◆ Assignment: An exact copy of every entry is needed, with the images left out.

◆ Records to process:
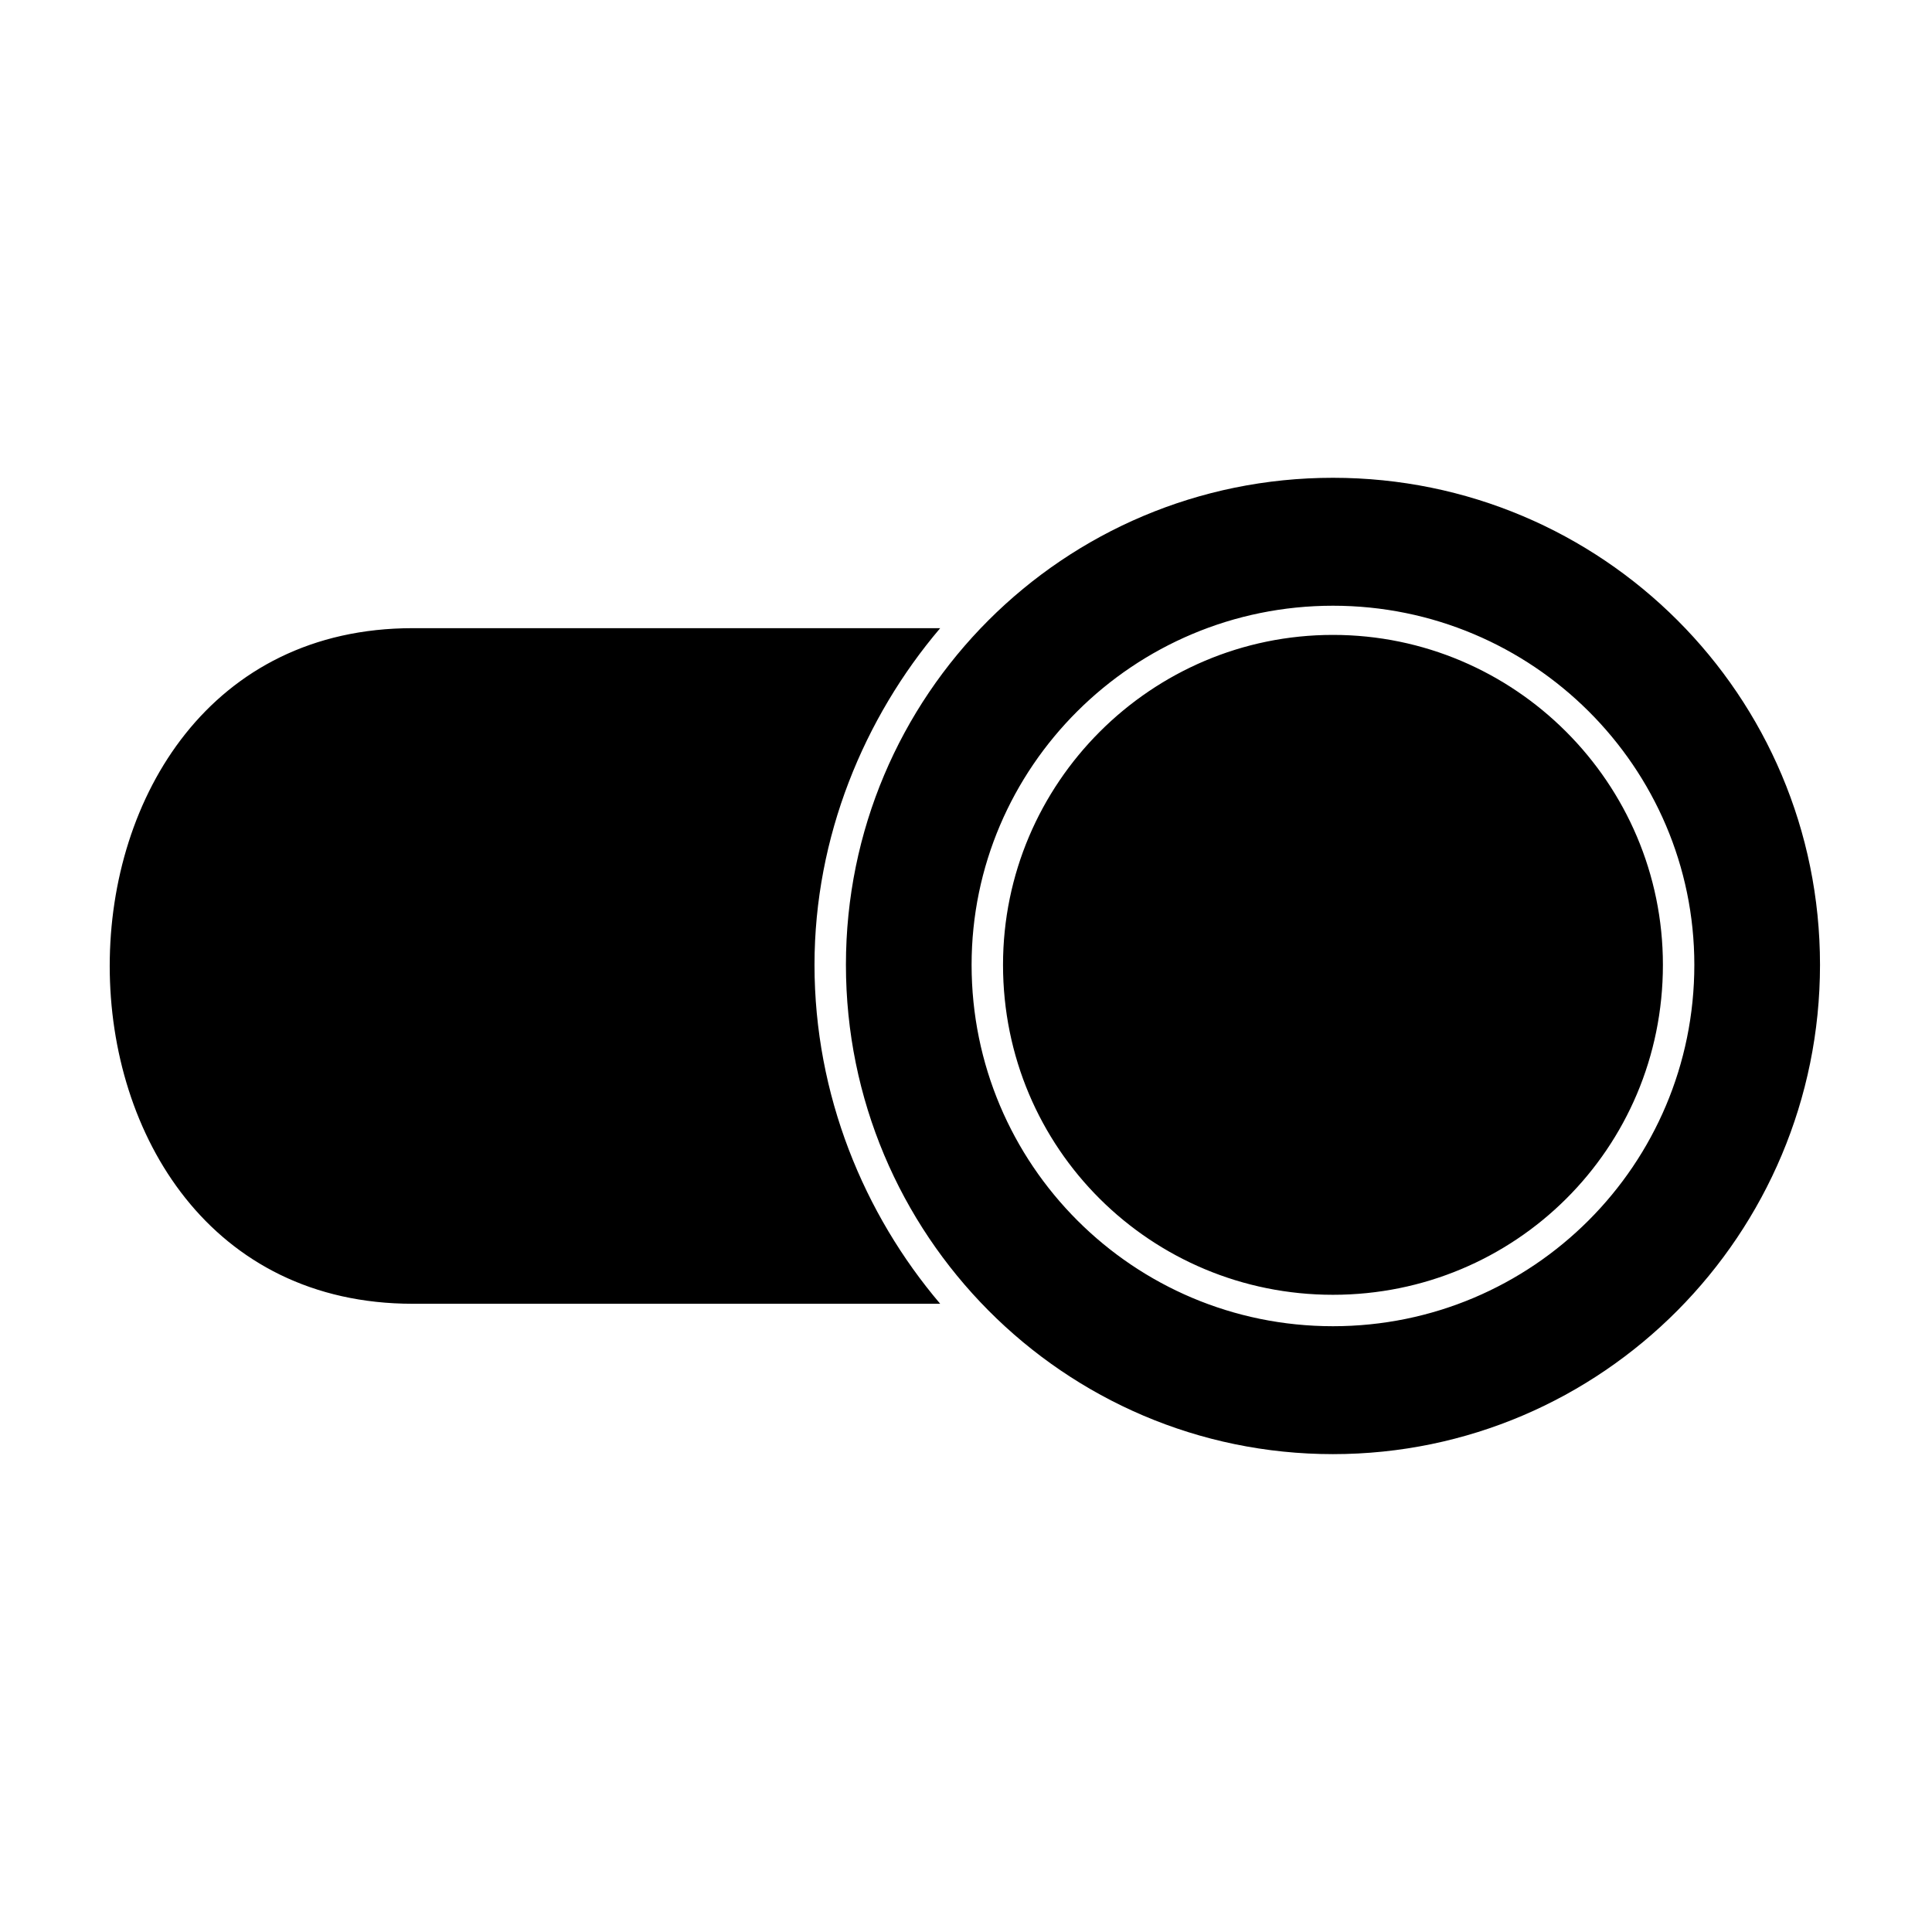 <?xml version="1.0" encoding="UTF-8"?>
<!-- Uploaded to: ICON Repo, www.iconrepo.com, Generator: ICON Repo Mixer Tools -->
<svg fill="#000000" width="800px" height="800px" version="1.1" viewBox="144 144 512 512" xmlns="http://www.w3.org/2000/svg">
 <path d="m497.25 270.62c-71.379 0-129.07 57.695-129.07 129.07 0 71.379 57.695 129.67 129.07 129.67s129.07-58.293 129.07-129.67c0-71.379-57.695-129.07-129.07-129.07zm0 41.637c-48.18 0-87.438 39.258-87.438 87.438 0 48.773 39.258 87.438 87.438 87.438s87.438-38.664 87.438-87.438c0-48.18-39.258-87.438-87.438-87.438zm-104.09-1.785h-139.78c-107.07 0-107.07 179.04 0 179.04h139.78c-20.223-23.793-33.309-55.316-33.309-89.816 0-33.906 13.086-65.43 33.309-89.223zm104.09-5.949c-52.938 0-95.766 42.828-95.766 95.172 0 52.938 42.828 95.766 95.766 95.766s95.766-42.828 95.766-95.766c0-52.344-42.828-95.172-95.766-95.172z" fill-rule="evenodd"/>
</svg>

◆ Written answer:
 <?xml version="1.0" encoding="UTF-8"?>
<!-- Uploaded to: ICON Repo, www.iconrepo.com, Generator: ICON Repo Mixer Tools -->
<svg fill="#000000" width="800px" height="800px" version="1.1" viewBox="144 144 512 512" xmlns="http://www.w3.org/2000/svg">
 <path d="m497.25 270.62c-71.379 0-129.07 57.695-129.07 129.07 0 71.379 57.695 129.67 129.07 129.67s129.07-58.293 129.07-129.67c0-71.379-57.695-129.07-129.07-129.07zm0 41.637c-48.18 0-87.438 39.258-87.438 87.438 0 48.773 39.258 87.438 87.438 87.438s87.438-38.664 87.438-87.438c0-48.18-39.258-87.438-87.438-87.438zm-104.09-1.785h-139.78c-107.07 0-107.07 179.04 0 179.04h139.78c-20.223-23.793-33.309-55.316-33.309-89.816 0-33.906 13.086-65.43 33.309-89.223zm104.09-5.949c-52.938 0-95.766 42.828-95.766 95.172 0 52.938 42.828 95.766 95.766 95.766s95.766-42.828 95.766-95.766c0-52.344-42.828-95.172-95.766-95.172z" fill-rule="evenodd"/>
</svg>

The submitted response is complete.